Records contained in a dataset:

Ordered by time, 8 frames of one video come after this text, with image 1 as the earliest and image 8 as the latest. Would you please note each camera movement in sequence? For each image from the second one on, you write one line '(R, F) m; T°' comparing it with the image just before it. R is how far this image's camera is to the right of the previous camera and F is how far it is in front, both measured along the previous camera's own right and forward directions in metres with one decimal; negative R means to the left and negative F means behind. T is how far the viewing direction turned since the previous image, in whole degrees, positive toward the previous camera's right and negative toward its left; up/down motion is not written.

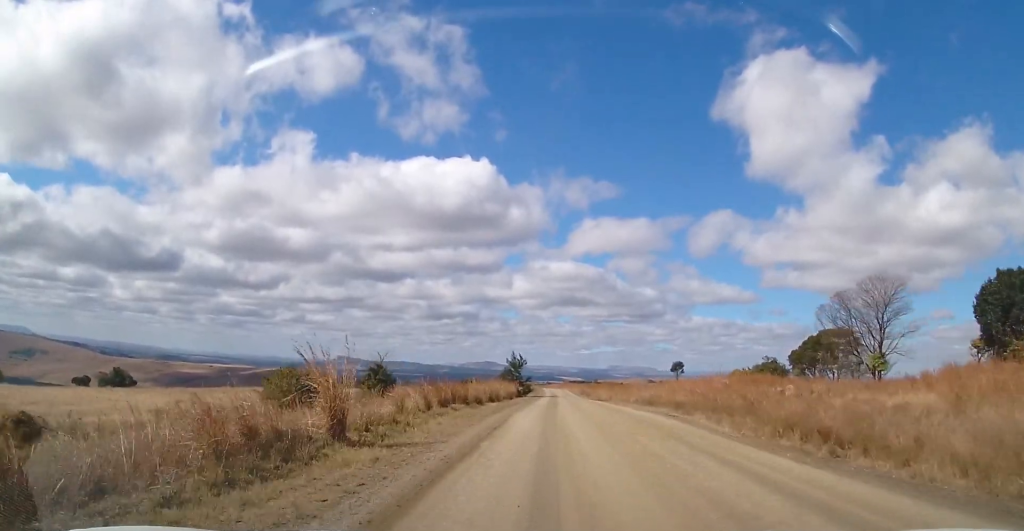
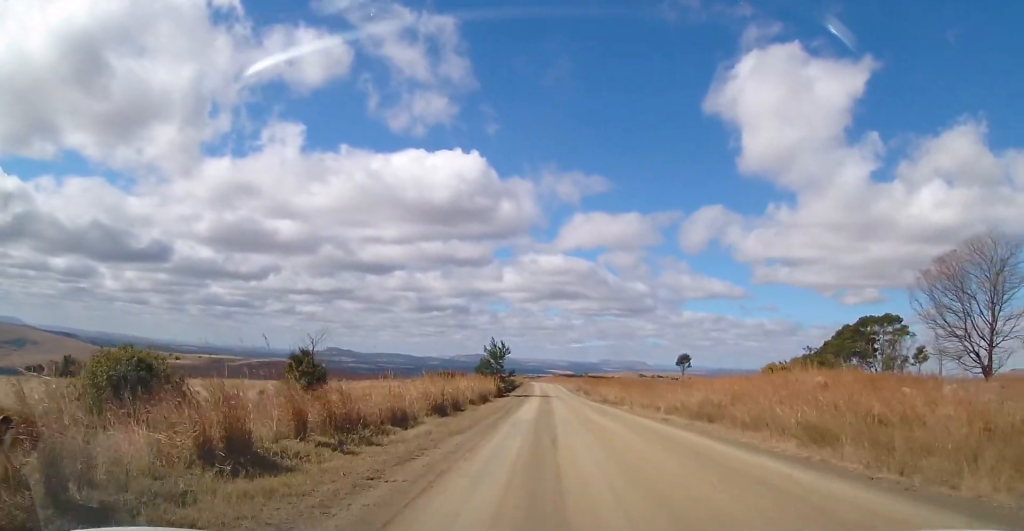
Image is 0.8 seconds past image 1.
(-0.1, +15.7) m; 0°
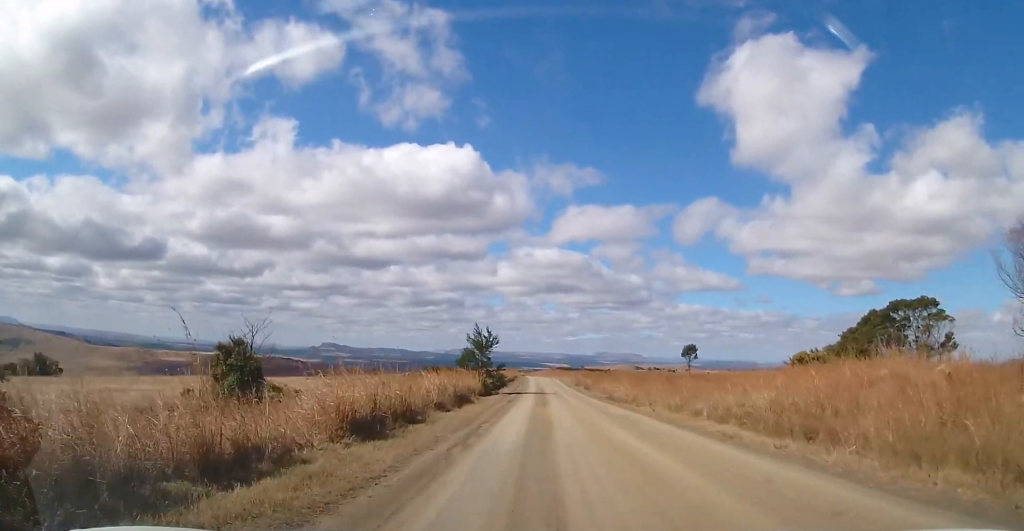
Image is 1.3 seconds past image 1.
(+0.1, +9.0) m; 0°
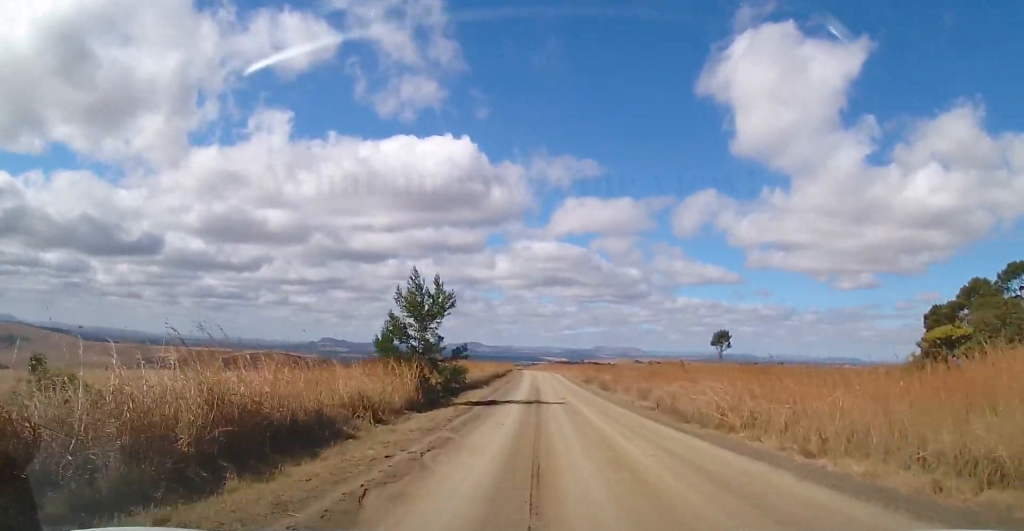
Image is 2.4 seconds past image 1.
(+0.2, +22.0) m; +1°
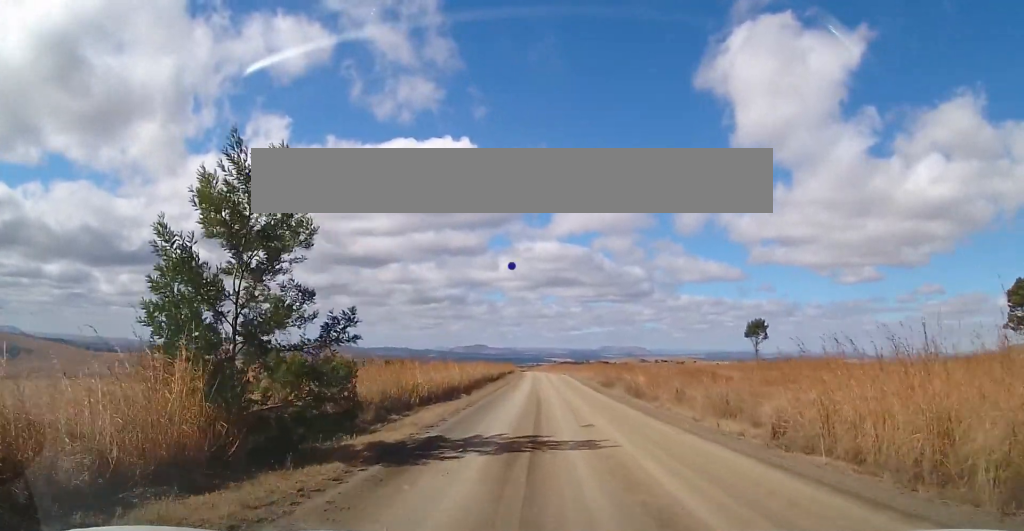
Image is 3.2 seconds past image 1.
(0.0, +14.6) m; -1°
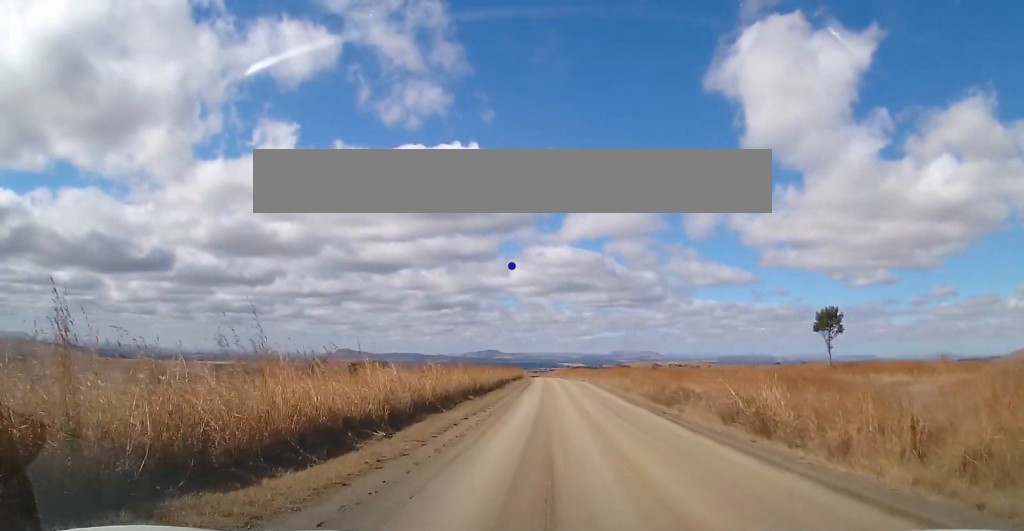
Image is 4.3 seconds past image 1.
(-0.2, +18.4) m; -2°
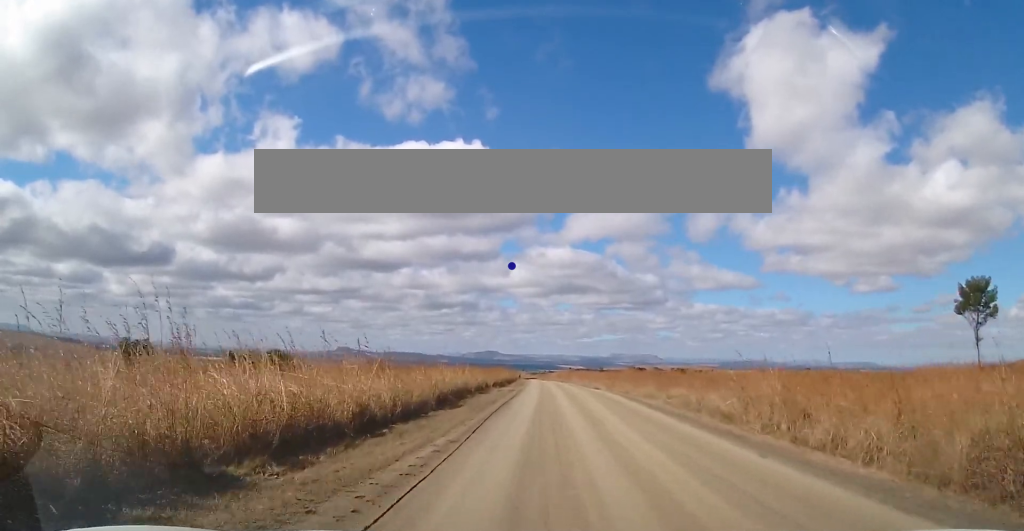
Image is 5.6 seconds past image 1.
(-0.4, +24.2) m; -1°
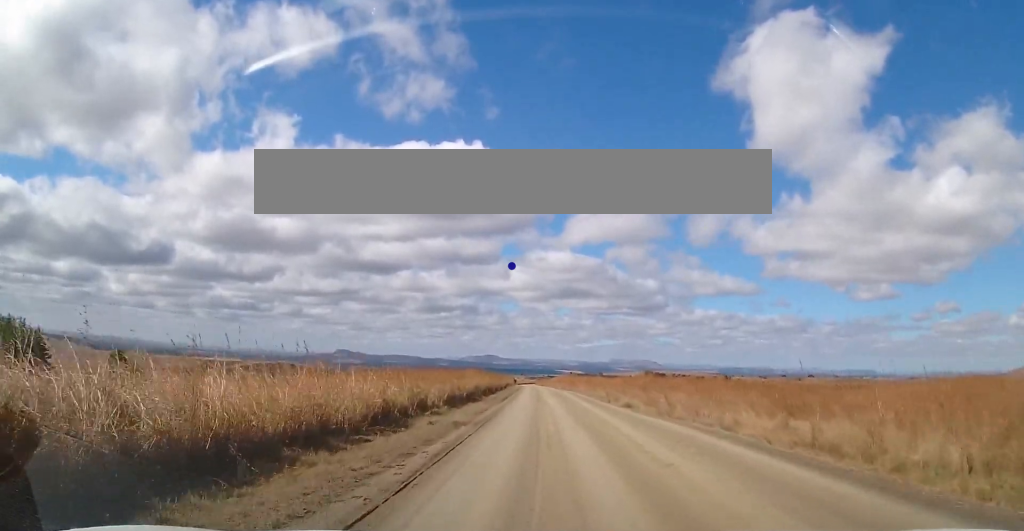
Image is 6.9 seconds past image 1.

Brief
Could you retype every line above exactly as it appears, skipping the pictures?

Answer box
Ordered by time, 8 frames of one video come after this text, with image 1 as the earliest and image 8 as the latest. Would you please note each camera movement in sequence? For each image from the second one on, you write one line '(R, F) m; T°' comparing it with the image just before it. R is how far this image's camera is to the right of the previous camera and F is how far it is in front, both measured along the previous camera's own right and forward directions in metres with one decimal; negative R means to the left and negative F means behind. T is how far the viewing direction turned since the previous image, in whole degrees, positive toward the previous camera's right and negative toward its left; up/down motion is not written.

Image is 0.8 seconds past image 1.
(-0.1, +15.7) m; 0°
Image is 1.3 seconds past image 1.
(+0.1, +9.0) m; 0°
Image is 2.4 seconds past image 1.
(+0.2, +22.0) m; +1°
Image is 3.2 seconds past image 1.
(0.0, +14.6) m; -1°
Image is 4.3 seconds past image 1.
(-0.2, +18.4) m; -2°
Image is 5.6 seconds past image 1.
(-0.4, +24.2) m; -1°
Image is 6.9 seconds past image 1.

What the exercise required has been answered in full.